>>>

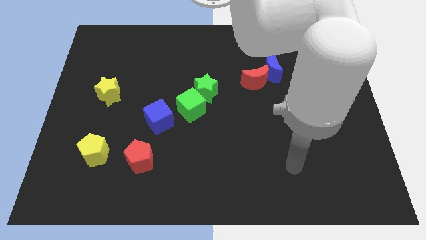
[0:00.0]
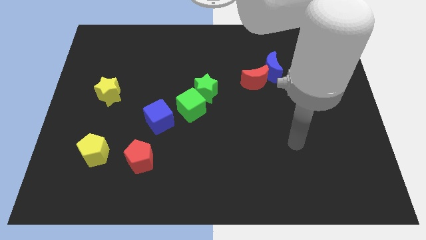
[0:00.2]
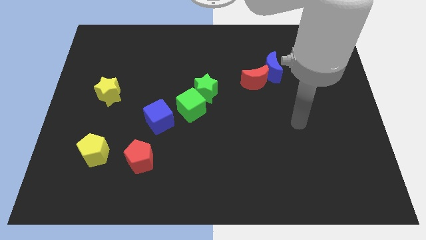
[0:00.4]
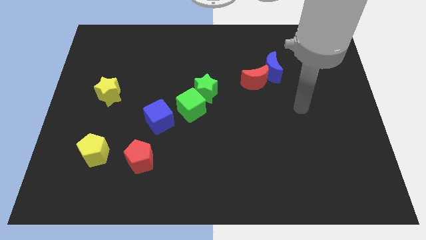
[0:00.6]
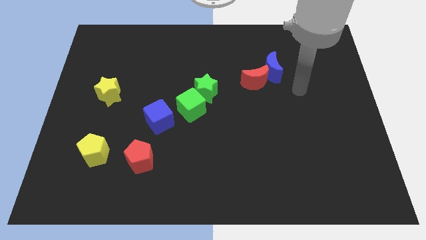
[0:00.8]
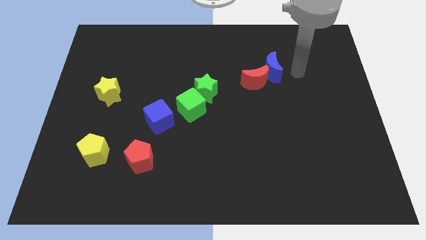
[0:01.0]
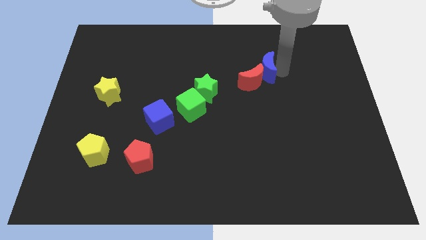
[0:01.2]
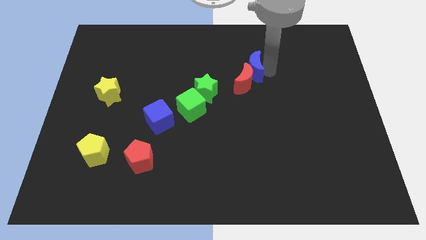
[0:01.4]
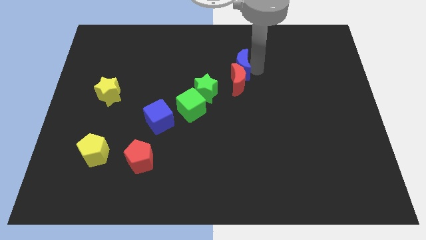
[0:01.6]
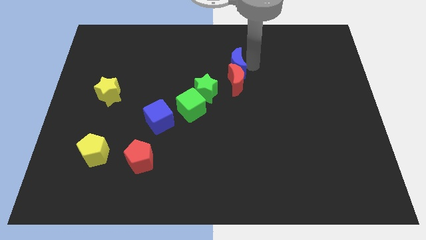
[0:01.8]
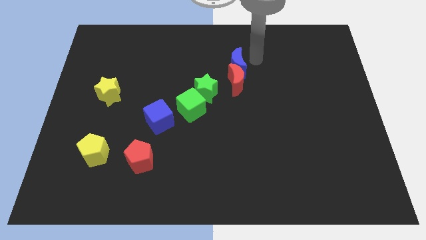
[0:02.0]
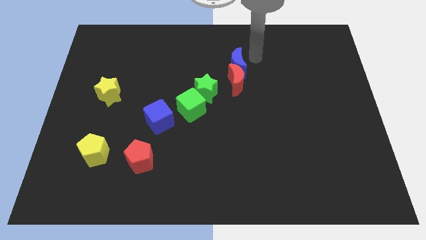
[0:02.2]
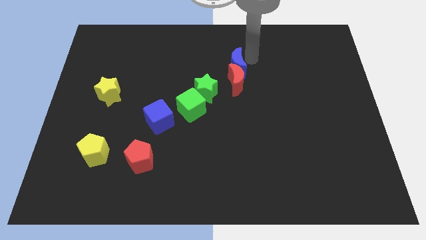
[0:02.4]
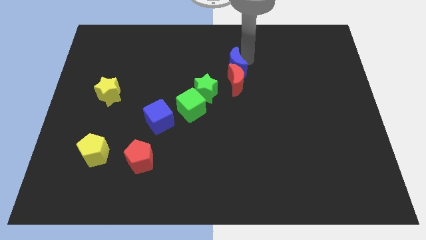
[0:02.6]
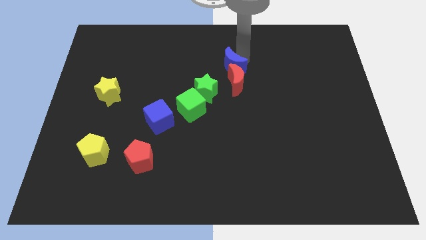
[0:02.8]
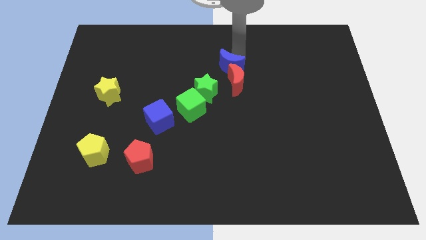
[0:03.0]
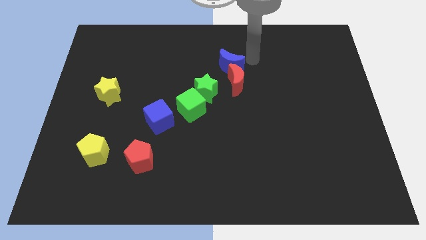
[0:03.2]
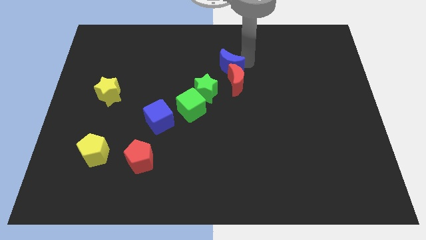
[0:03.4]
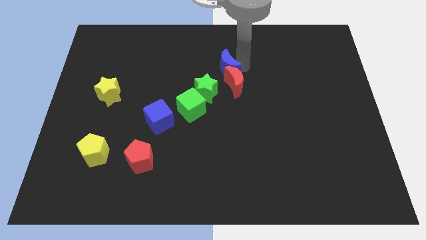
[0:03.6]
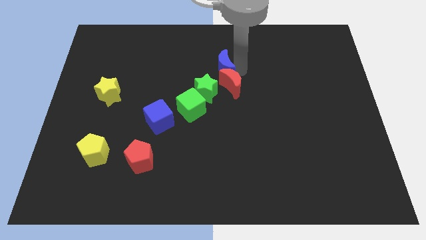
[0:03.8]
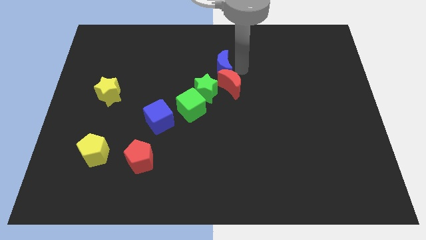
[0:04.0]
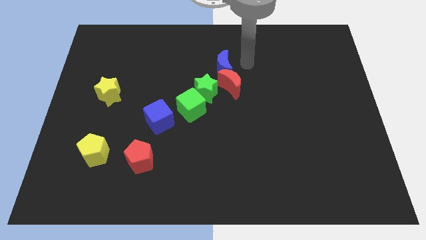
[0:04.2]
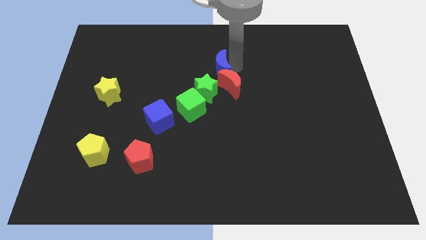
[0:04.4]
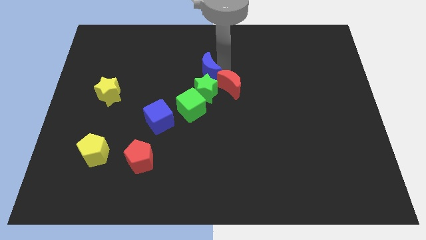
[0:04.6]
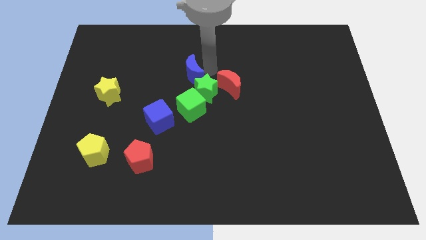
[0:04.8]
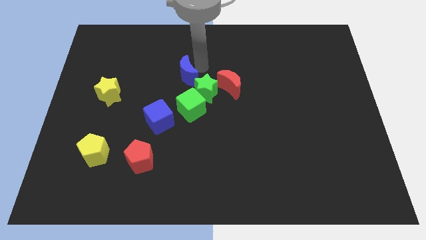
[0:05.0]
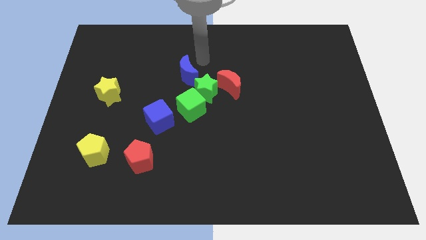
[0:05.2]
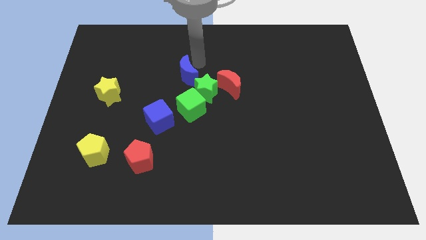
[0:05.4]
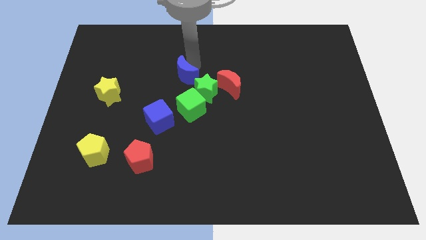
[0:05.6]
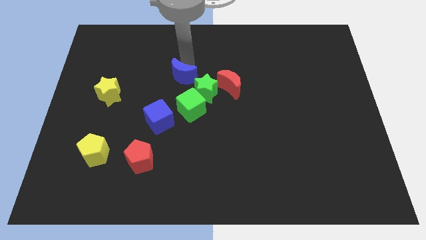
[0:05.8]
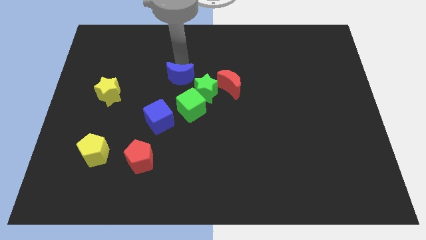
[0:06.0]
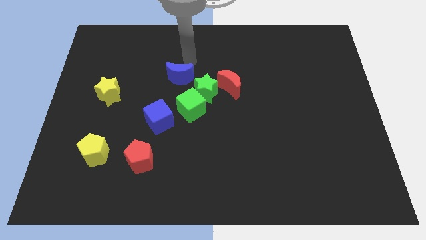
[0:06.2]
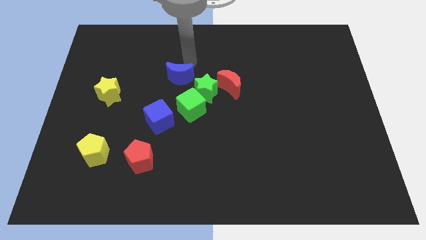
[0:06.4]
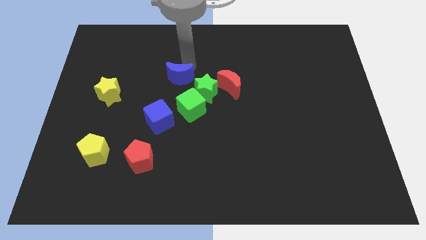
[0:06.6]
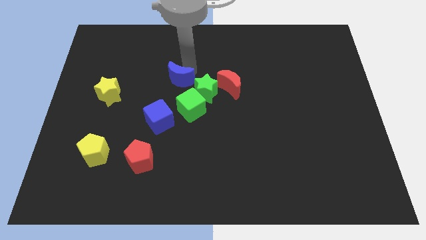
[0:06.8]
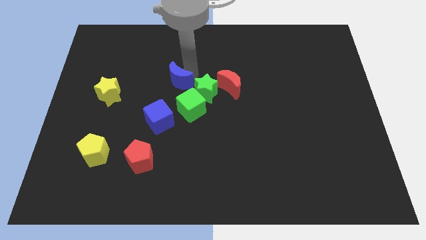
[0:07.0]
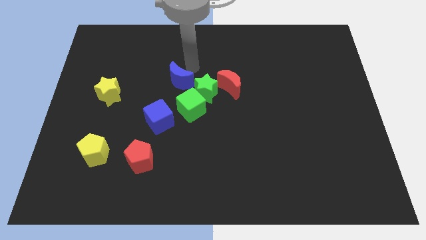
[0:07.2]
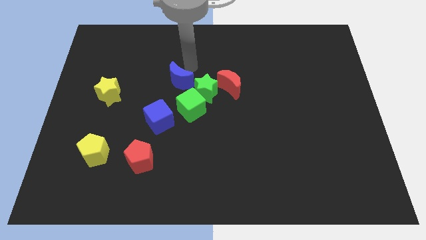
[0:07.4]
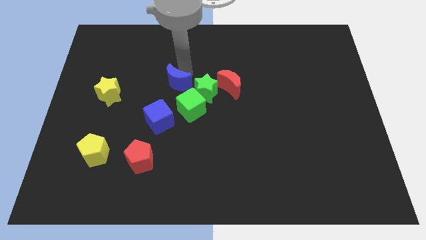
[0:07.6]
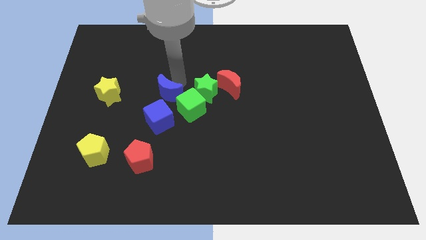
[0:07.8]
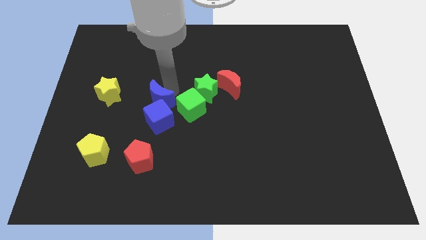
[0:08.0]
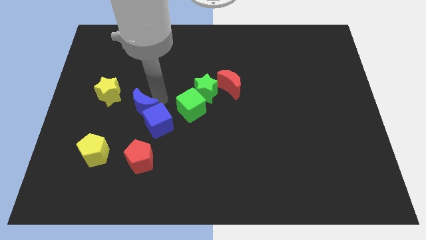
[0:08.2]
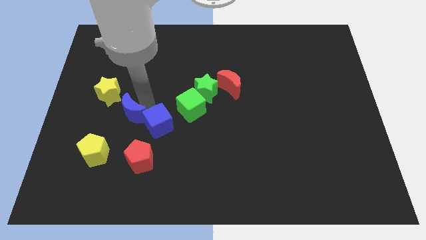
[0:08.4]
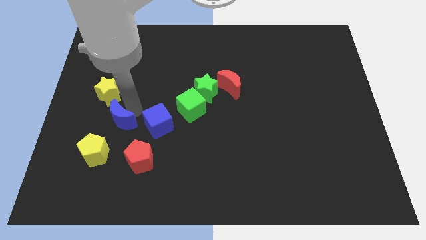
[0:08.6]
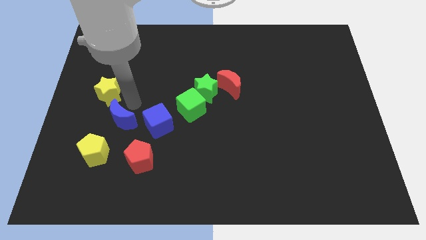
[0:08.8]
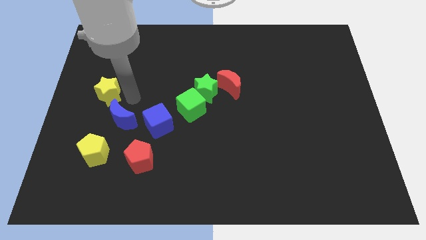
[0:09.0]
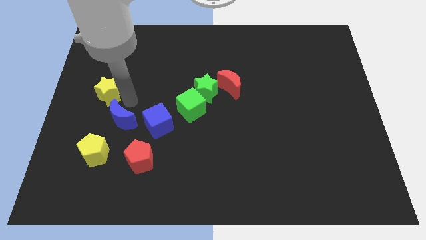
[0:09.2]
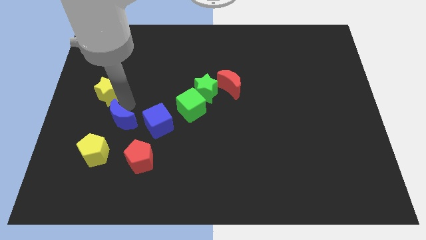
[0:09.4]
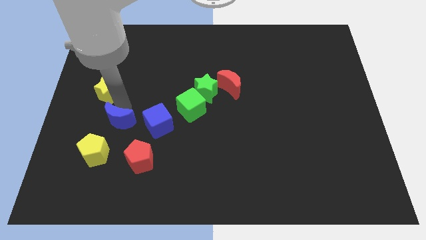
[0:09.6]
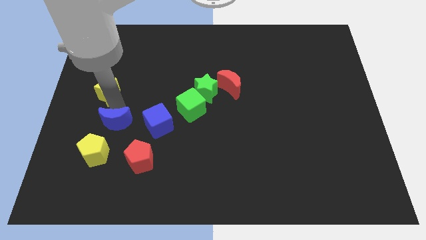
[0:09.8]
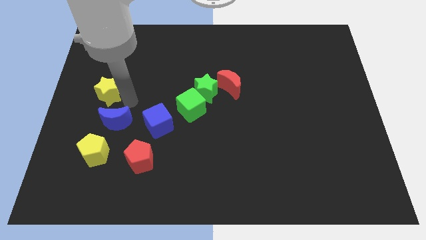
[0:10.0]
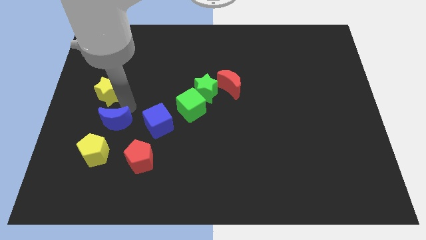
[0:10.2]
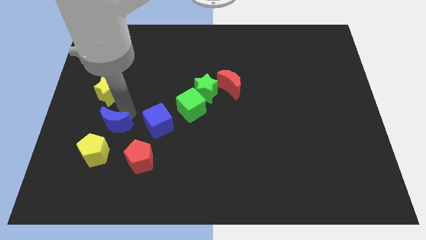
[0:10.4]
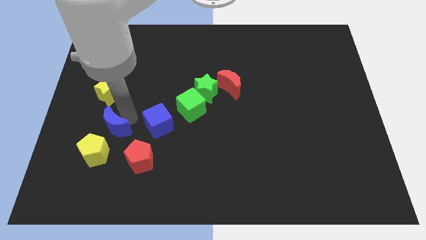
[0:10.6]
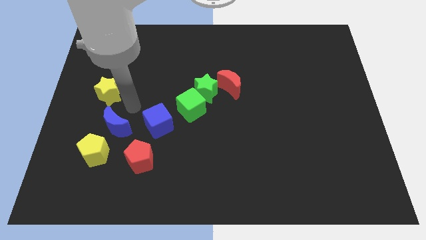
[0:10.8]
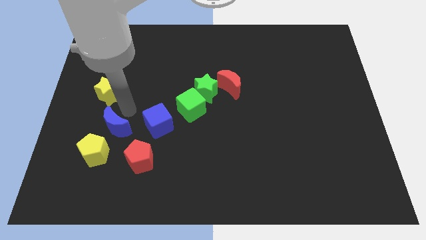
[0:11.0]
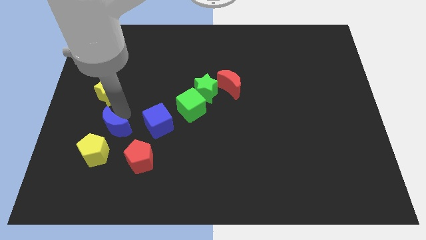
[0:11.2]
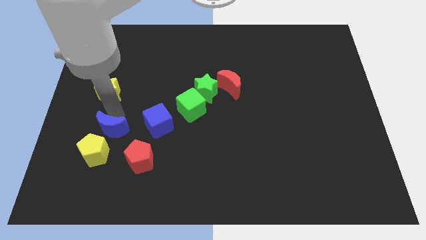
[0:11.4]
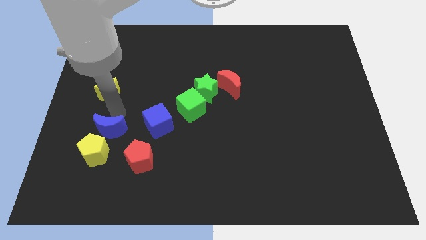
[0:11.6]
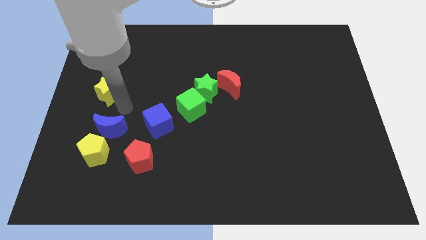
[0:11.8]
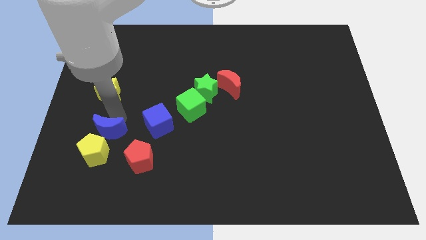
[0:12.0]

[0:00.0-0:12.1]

<<<

Assignment:
In the copy, omit the pictures and give every line of the data exactly.

Response to this task:
[0:00.0]
[0:00.2]
[0:00.4]
[0:00.6]
[0:00.8]
[0:01.0]
[0:01.2]
[0:01.4]
[0:01.6]
[0:01.8]
[0:02.0]
[0:02.2]
[0:02.4]
[0:02.6]
[0:02.8]
[0:03.0]
[0:03.2]
[0:03.4]
[0:03.6]
[0:03.8]
[0:04.0]
[0:04.2]
[0:04.4]
[0:04.6]
[0:04.8]
[0:05.0]
[0:05.2]
[0:05.4]
[0:05.6]
[0:05.8]
[0:06.0]
[0:06.2]
[0:06.4]
[0:06.6]
[0:06.8]
[0:07.0]
[0:07.2]
[0:07.4]
[0:07.6]
[0:07.8]
[0:08.0]
[0:08.2]
[0:08.4]
[0:08.6]
[0:08.8]
[0:09.0]
[0:09.2]
[0:09.4]
[0:09.6]
[0:09.8]
[0:10.0]
[0:10.2]
[0:10.4]
[0:10.6]
[0:10.8]
[0:11.0]
[0:11.2]
[0:11.4]
[0:11.6]
[0:11.8]
[0:12.0]

[0:00.0-0:12.1]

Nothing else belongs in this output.